I have documents in elasticsearch in which each document looks something like as follows:
{
"id": "T12890ADSA12",
"status": “CREATED”,
"type": “ABC”,
"updatedAt": "2020-05-29T18:18:08.483Z",
"createdAt": "2020-04-30T13:41:25.862Z"
}
For this document structure, I wanted to get all the documents which are having status as CREATED or SCHEDULED and TYPE is ABC. And in these filtered documents, I want to aggregate the number of documents based on currentDate - createdAt in days bucket. Eg.
And similarly for last 7 days.
Is there an easy way to do this in a single query?

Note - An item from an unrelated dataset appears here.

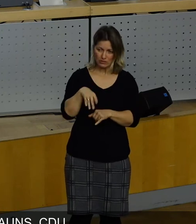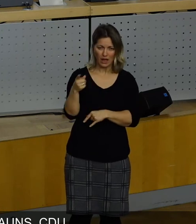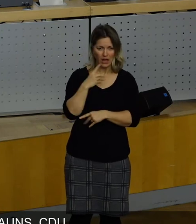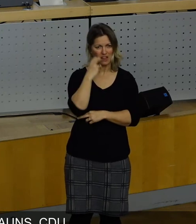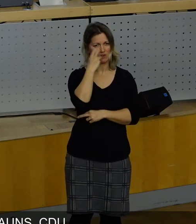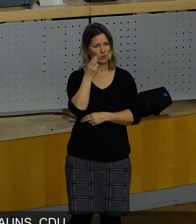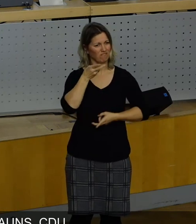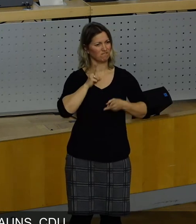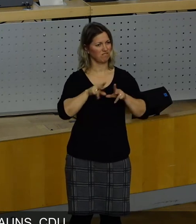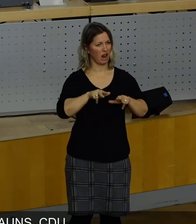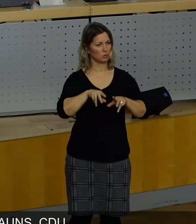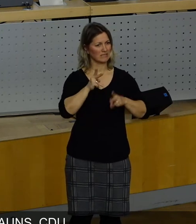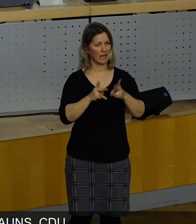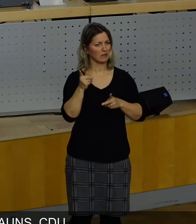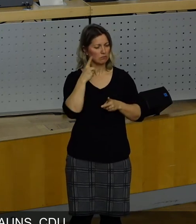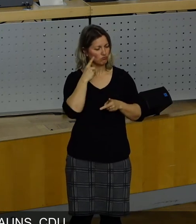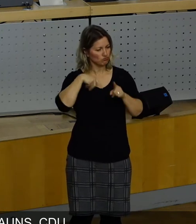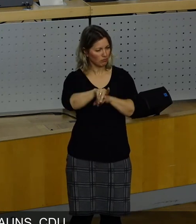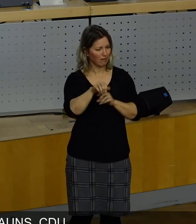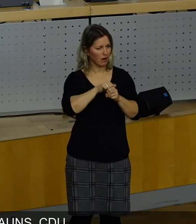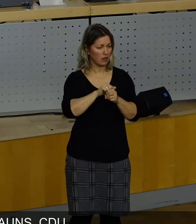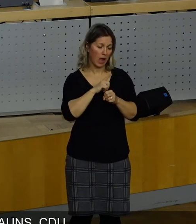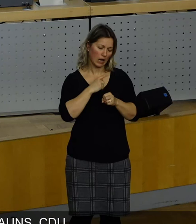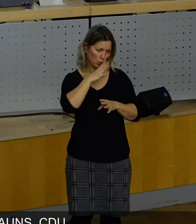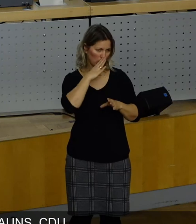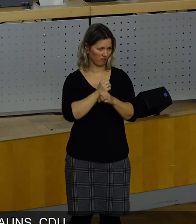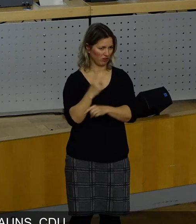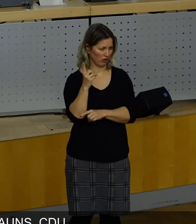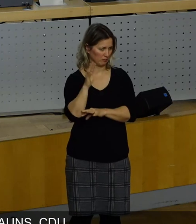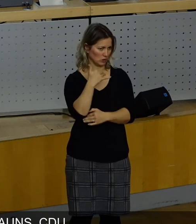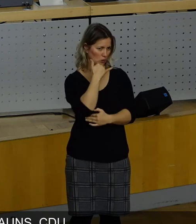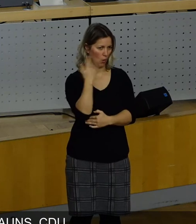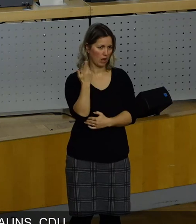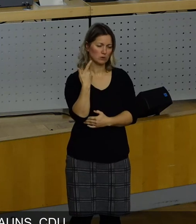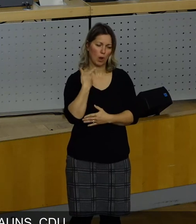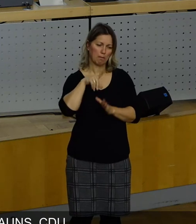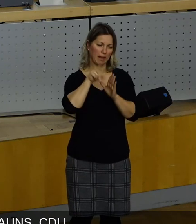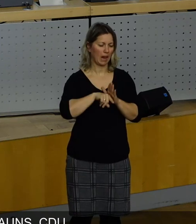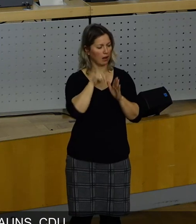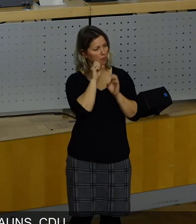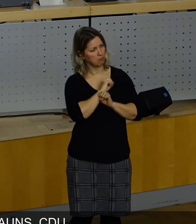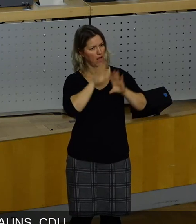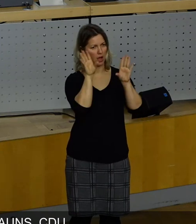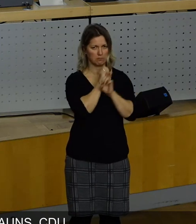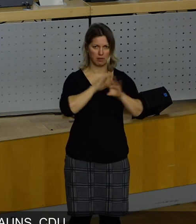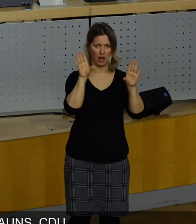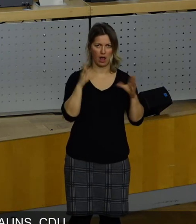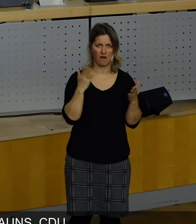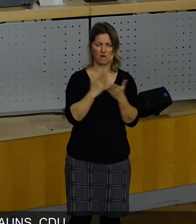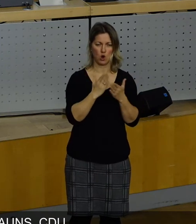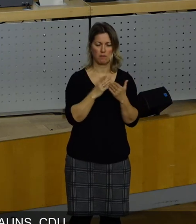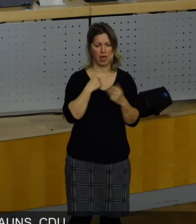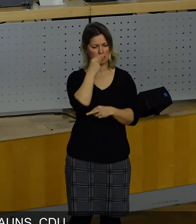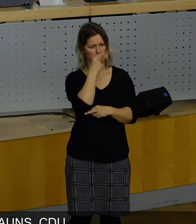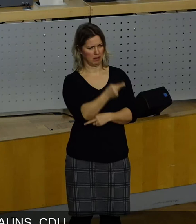Verwaltungsgerät. Das ist alles längst durchgekaut. Es ist eine Unverschämtheit, was Sie hier machen, eine billigste Polemik, weil natürlich auf den ersten Blick

Please find the below mapping, sample docs, aggregation query and response:
PUT my_date_index
{
"mappings": {
"properties": {
"id": {
"type": "keyword"
},
"status": {
"type": "keyword"
},
"type": {
"type": "keyword"
},
"updatedAt": {
"type": "date"
},
"createdAt": {
"type": "date"
}
}
}
}
POST my_date_index/_doc/1
{
"id": "T12890ADSA12",
"status": "CREATED",
"type": "ABC",
"updatedAt": "2020-05-29T18:18:08.483Z",
"createdAt": "2020-07-06T05:00:00.000Z"
}
POST my_date_index/_doc/2
{
"id": "T12890ADSA13",
"status": "SCHEDULED",
"type": "ABC",
"updatedAt": "2020-05-29T18:18:08.483Z",
"createdAt": "2020-07-05T13:41:25.862Z"
}
POST my_date_index/_doc/3
{
"id": "T12890ADSA14",
"status": "SCHEDULED",
"type": "ABC",
"updatedAt": "2020-05-29T18:18:08.483Z",
"createdAt": "2020-07-04T06:00:00.000Z"
}
POST my_date_index/_doc/4
{
"id": "T12890ADSA15",
"status": "SCHEDULED",
"type": "ABC",
"updatedAt": "2020-05-29T18:18:08.483Z",
"createdAt": "2020-07-03T07:00:00.000Z"
}
POST my_date_index/_search
{
"size": 0, <----- Remove this to return documents too
"query": {
"bool": {
"must": [
{
"term": {
"type": "ABC"
}
},
{
"range": {
"createdAt": {
"gte": "now-7d",
"lte": "now"
}
}
}
],
"should": [
{
"term": {
"status": "SCHEDULED"
}
},
{
"term": {
"status": "CREATED"
}
}
],
"minimum_should_match": 1
}
},
"aggs": {
"my_date": {
"date_histogram": {
"field": "createdAt",
"calendar_interval": "day",
"order": {
"_key": "desc"
}
}
}
}
}
Note that I've first filtered the documents based on date and the conditions which you've provided.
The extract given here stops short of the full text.